Ethnopharmacological research on Mexican medicinal plants in Mexico explains, based on scientific support, the healing properties of the plants that the population uses to address health problems. Bibliographic research on the medicinal properties attributed to S. angustifolia, popularly known as vara de San José, confirmed its topical use to treat inflammatory processes and associated diseases. Scopoletin, identified in wild S. angustifolia plants, tomentin, and sphaeralcic acid de novo compounds produced from cells in suspension and hairy root in vitro cultures support the anti-osteoarthritic properties of a phytogel manufactured with the standard dichloromethane:methanol extract from the wild S. angustifolia plant. Toxicological evaluations in mice should be planned to evaluate the dichloromethane:methanol extract from the wild S. angustifolia plant. The micropropagation of S. angustifolia anticipates its conservation as its collection is controlled by the Mexican government. In the same way, cells in suspension and hairy root cultures were explored for the stable and enhanced production of anti-inflammatory compounds. Biotechnologically, industrial-scale processing of the cells in suspension has been achieved in a bioreactor stirring tank.

7. Patents

The studies carried out gave rise to two patents registered in Mexico (Instituto Mexicano de la Propiedad Intelectual, IMPI).

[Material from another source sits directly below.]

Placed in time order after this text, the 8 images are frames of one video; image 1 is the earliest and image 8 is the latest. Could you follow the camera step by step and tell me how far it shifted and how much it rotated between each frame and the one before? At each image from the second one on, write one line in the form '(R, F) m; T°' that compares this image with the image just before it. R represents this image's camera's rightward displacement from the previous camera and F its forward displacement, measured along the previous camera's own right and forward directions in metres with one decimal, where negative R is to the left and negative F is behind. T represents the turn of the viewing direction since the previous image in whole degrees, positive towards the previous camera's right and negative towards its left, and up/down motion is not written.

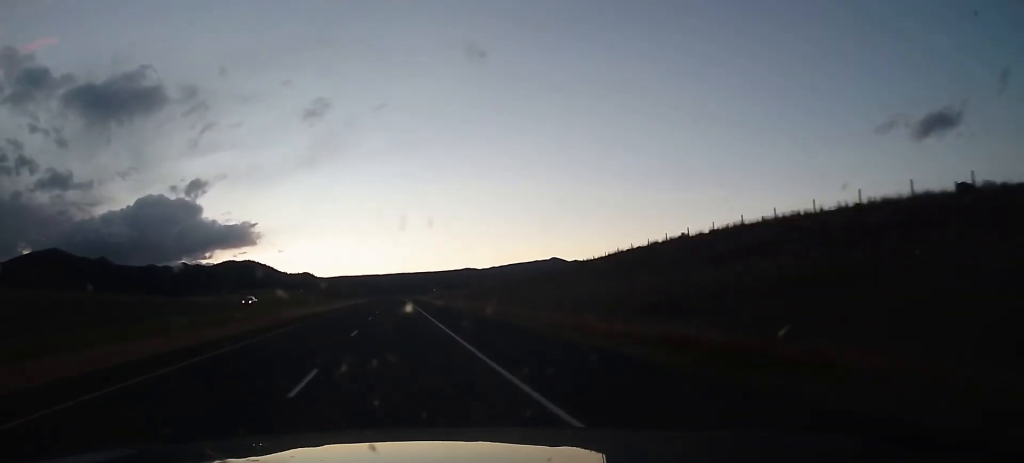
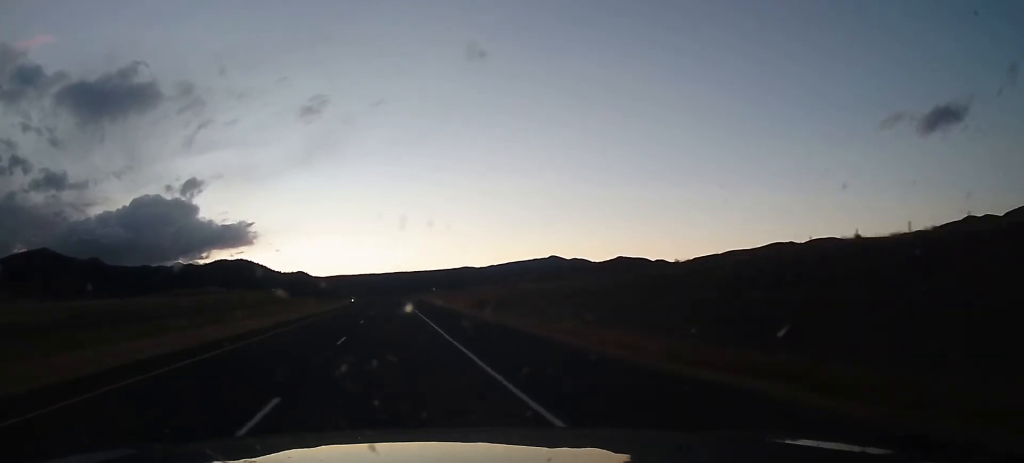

Romero-Cerecero, O., Tortoriello-García, J., Nicasio-Torres, M. del P.; Meckes-Fischer, M.E. del C.; Zamilpa-Álvarez, A. Composición farmacéutica que comprende el extracto de Sphaeralcea angustifolia para el tratamiento de osteoartitis 2019.

Nicasio-Torres, M.D.P., González-Cortazar, M., Meckes-Fischer, M., Tortoriello-García, J., Pérez-Hernández, J. Proceso biotecnológico de micropropagación y obtención de células en suspensión de Sphaeralcea angustifolia para la producción de nuevos compuestos con actividad antiinflamatoria 2019.